Земко и Комков не попали в песню, но их предшественник Петренко, у которого Борис летал вторым, легендарен. Чукчи в зверобойных поселках до сих пор самозабвенно отплясывают танец прилета Петренко. Коврики и абажуры вспугнули легенды. А жаль — ведь и сейчас, разбежавшись на каменном пятачке, самолеты бросаются в пропасть, чтобы в этом смертельном падении ощутить вдруг удар воздуха под крыло и взмыть вверх — назло липкому страху, издевательски малой площадке, назло дифтерийной заразе, засевшей в горле ребенка. Летят в непроглядных облаках ослепшие «аннушки» и вдруг с решимостью самоубийцы кидаются вниз: двести метров, триста, километр. Здесь же берег, здесь горы, здесь море! Но машины выныривают у самой воды из жуткого пике и вдоль открывшегося берега ползут на свою площадку.
Четыре сомкнувшихся плеча в голубой амбразуре кабины. Пилоты летят лицом в небо. Валя надевает ларингофон, шевелит губами и отдает штурвал от себя. Едва заметное движение левой рукой — мы заваливаемся на крыло. Лорино крутится у нашего крыла, как цветная граммофонная пластинка. Мелькает море, серые кубики, рыжая полоса.
Лорино — столица самого мощного на Чукотке хозяйства, колхоза имени Ленина.
Полдень, в конторе никого нет. «Председатель, небось, на берегу».

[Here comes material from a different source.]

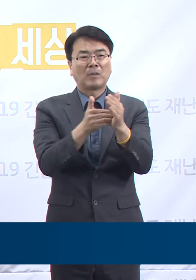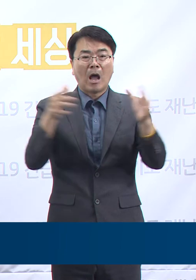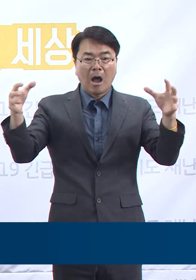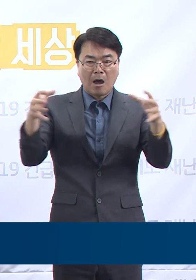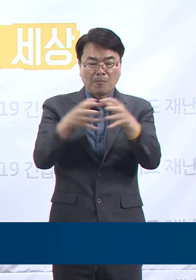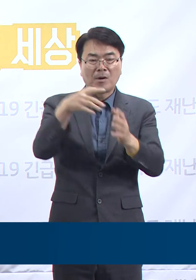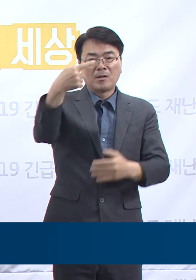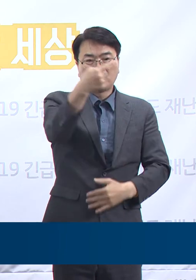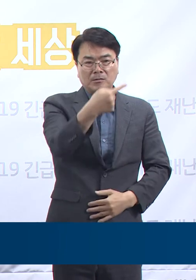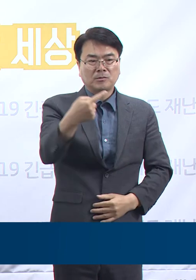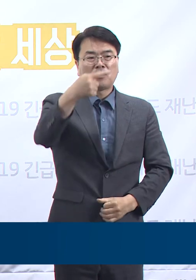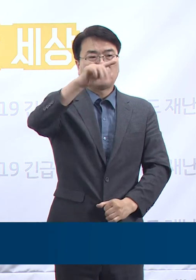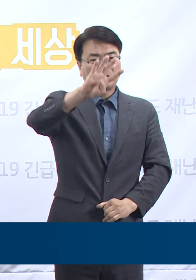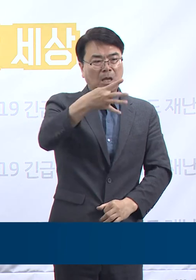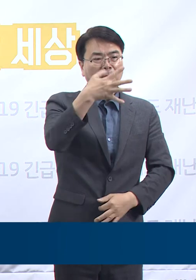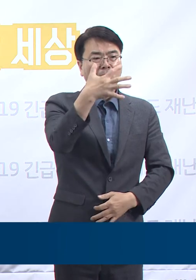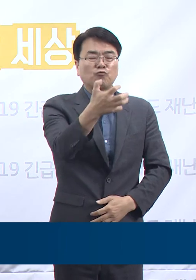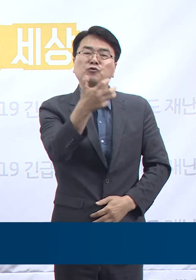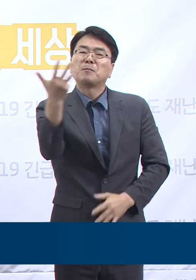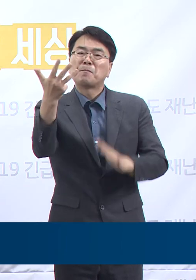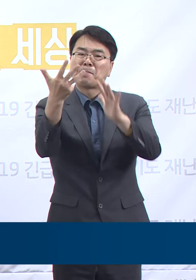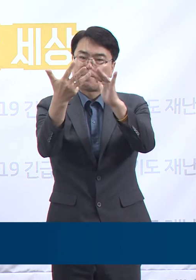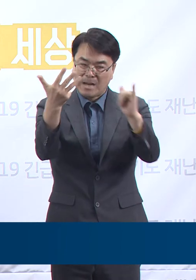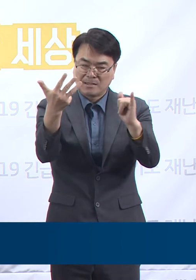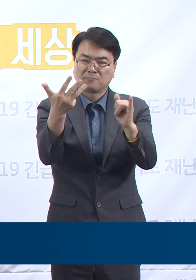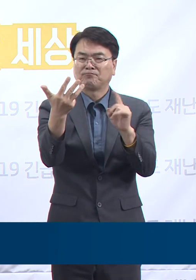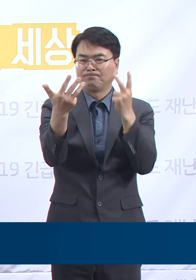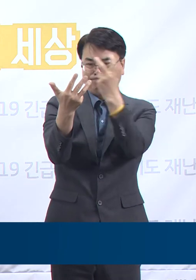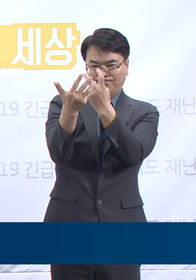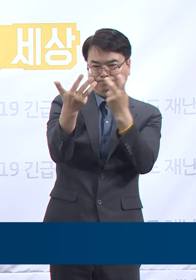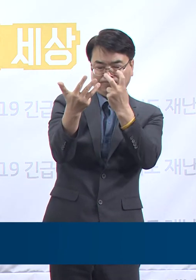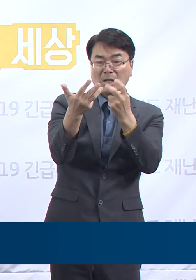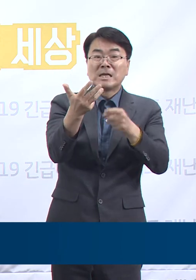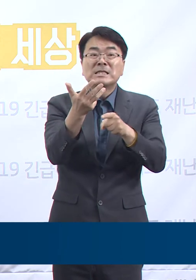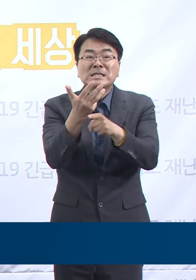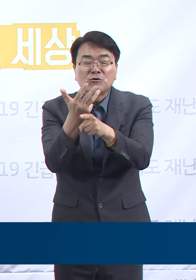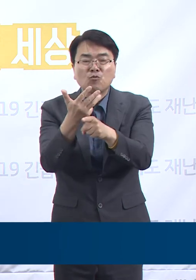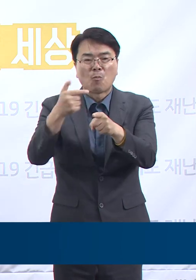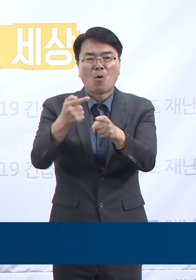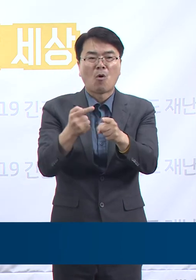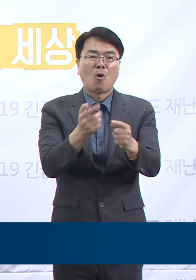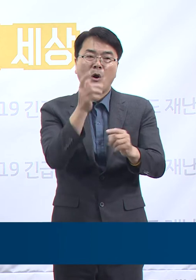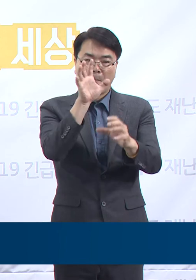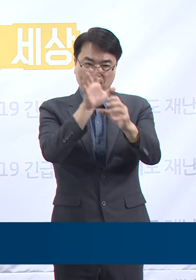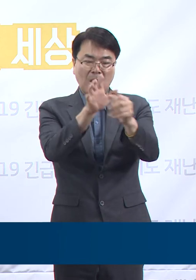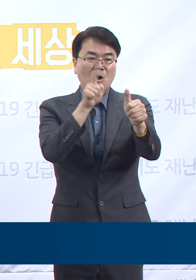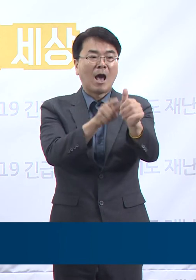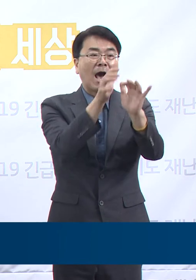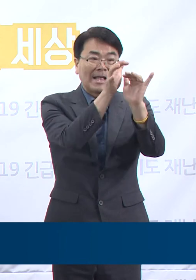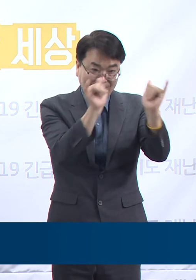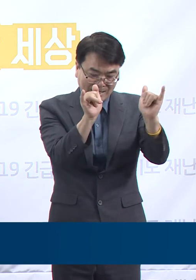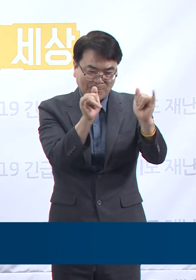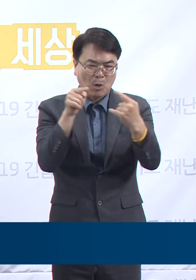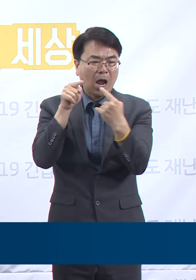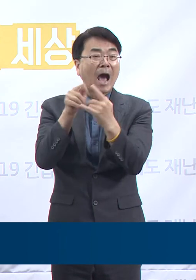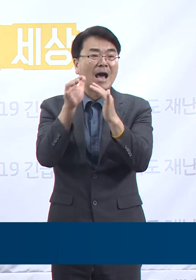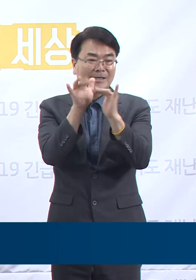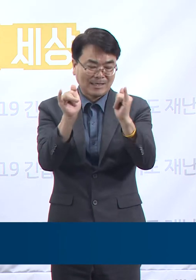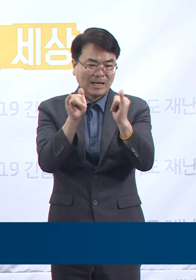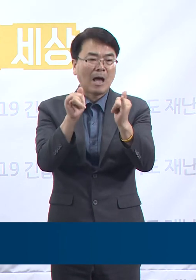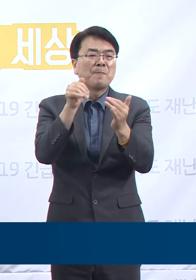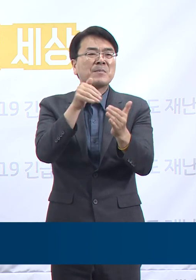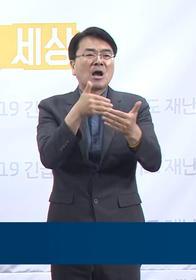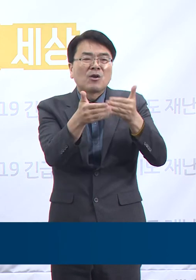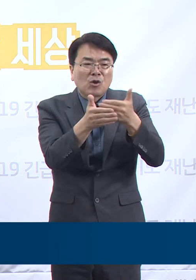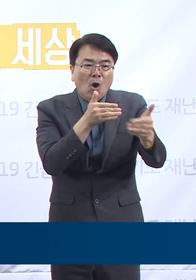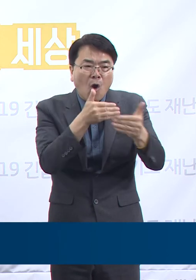,498명을 대상으로 진행된 이번 조사는 코로나19 확진자와 접촉자의 감염 및 치료와 격리 경험과

Пыльная крутая дорога отвесно срывается вниз. И вдруг у самых ног — море. Оно пронзительно синее, в острых гребешках, под ясным небом. Ветер пахнет солью, свежей рыбой и еще чем-то чистым и пряным, от чего хочется смеяться и бросаться песком. Руку больно скручивает в воде: ого, это полярное море! Это Берингово море. Оно ласково лижет сапоги, но чувствуется судорожный холод его языка. К морю притиснулся обрывистый берег: Лорино лежит на холме.
Впереди свистят крыльями чайки, они белоснежны и гортанны. Их тысячи, они носятся легким перовым облаком, жадно кидаются вниз, что-то рвут клювами, снова взмывают и плюхаются на воду, качаясь на волнах, как неживые. Сладковатая вонь сводит скулы. Чайки взлетают, открывая на песке темное, кровавое. Это кит.

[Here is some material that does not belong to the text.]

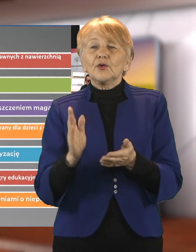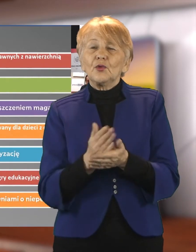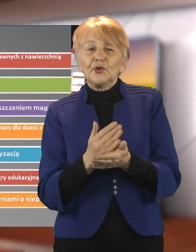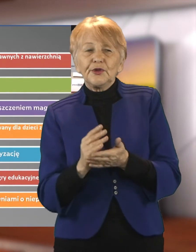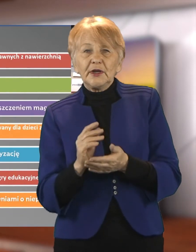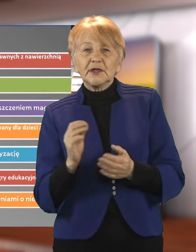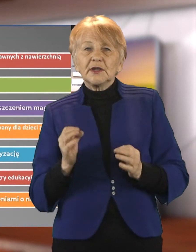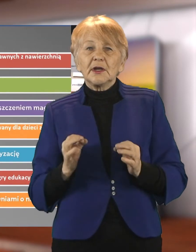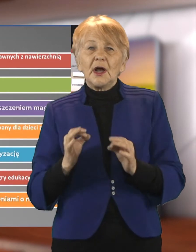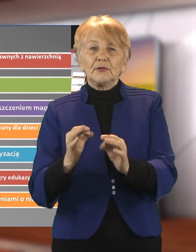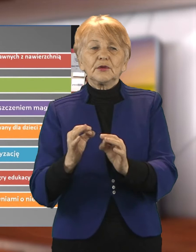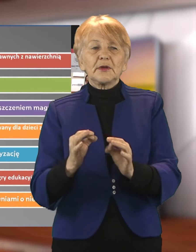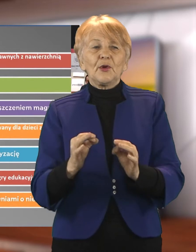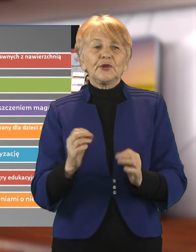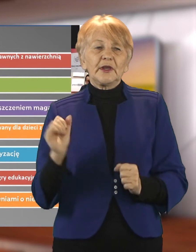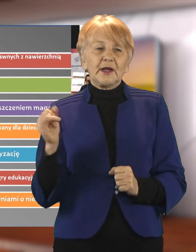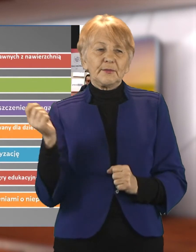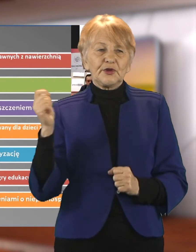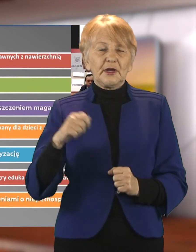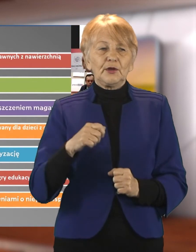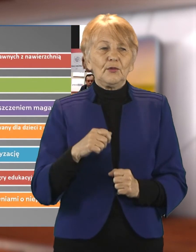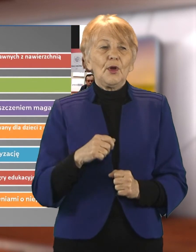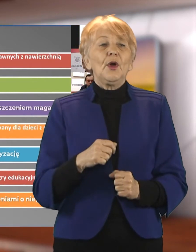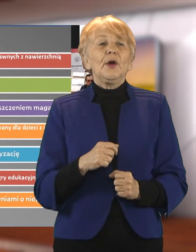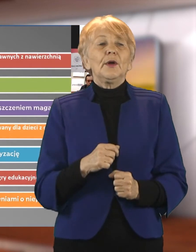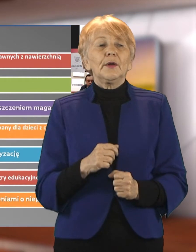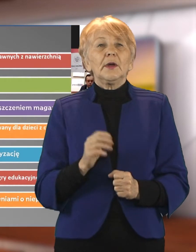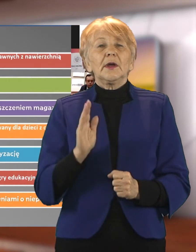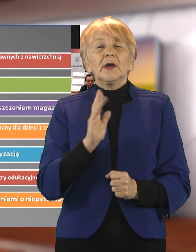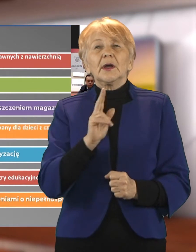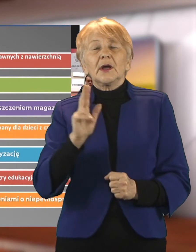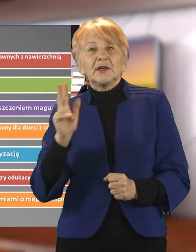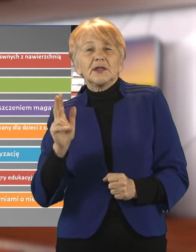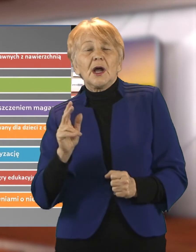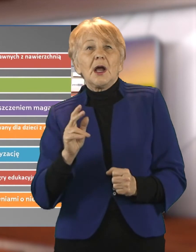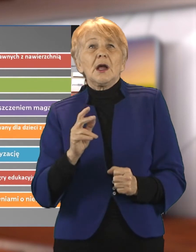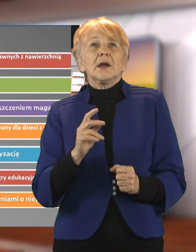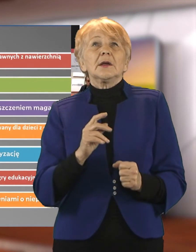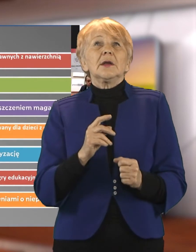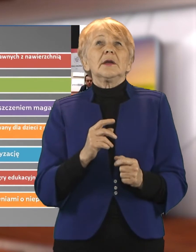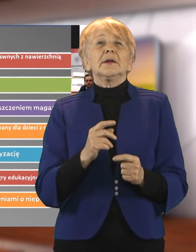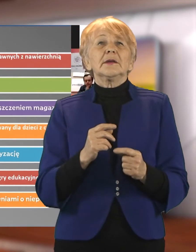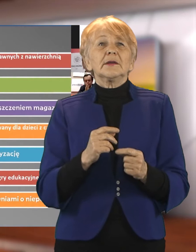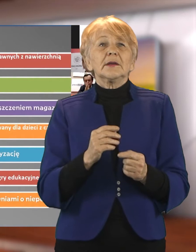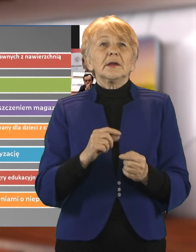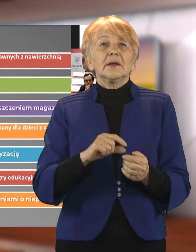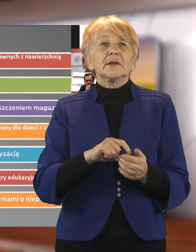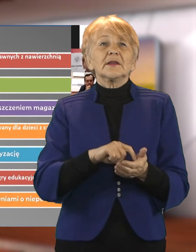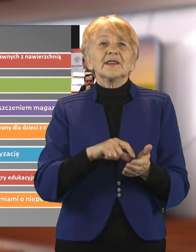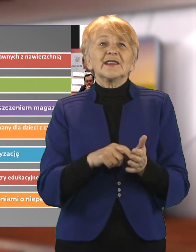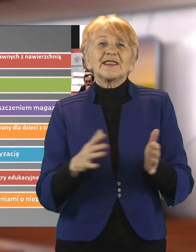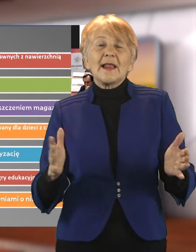zabaw. Cztery sale dla dzieci, każda z węzłem sanitarnym. Każda stała posiada wyjście, jak już mówiłem, na

У каждого места земного шара есть что-то свое, предельно обычное для него, заветное, чего нет и не может быть в других местах. Африка — это львы, Соединенные Штаты — Ниагара, Греция — Акрополь.
Проделав десять тысяч километров, мы ступили На самый восточный краешек северного полушария, на землю Чукотки, и не почувствовали этого. И только тут, увидев берег, усеянный останками китов, такой театрально-необычный, вдруг ощутили головокружение. Земля медленно отсчитывала меридианы: часовой пояс Красноярска, потом Иркутск, граница полушарий, еще, еще дальше. Ох, как чувствуются теперь все десять тысяч километров, лежащие за спиной!
Мы шагаем вдоль исполинского тела, дурея от запаха дымящихся внутренностей, сплевывая кислую слюну. Мягкий, кровавый мешок — сердце кита. И еще у кита есть язык. Трудно представить: у кита — и язык! Облизывающийся кит. А язык вот он — килограммов на триста-четыреста. Небось, трудно быть молчаливым при таком языке. Раздельщики-чукчи чавкают резиновыми сапогами, поднятыми до бедра. В руках у них лопатки, вернее, закругленные ножи с длинными черенками. Лезвия остры, как бритва. Шкура кита пластается ими легко, как масло. Сначала снимают жир. Он лежит тяжелыми брусками на берегу — точь-в-точь куски исполинской тыквы, оранжево-желтые и упругие. Белые чайки разгуливают по оранжевым брускам, вызывающе посматривая в море. Коричневые раздельщики отхватывают очередной кусок кита, цепляют его железным крюком и волокут в общую кучу. Потом режут печень и мясо. Чайки ревут от радости.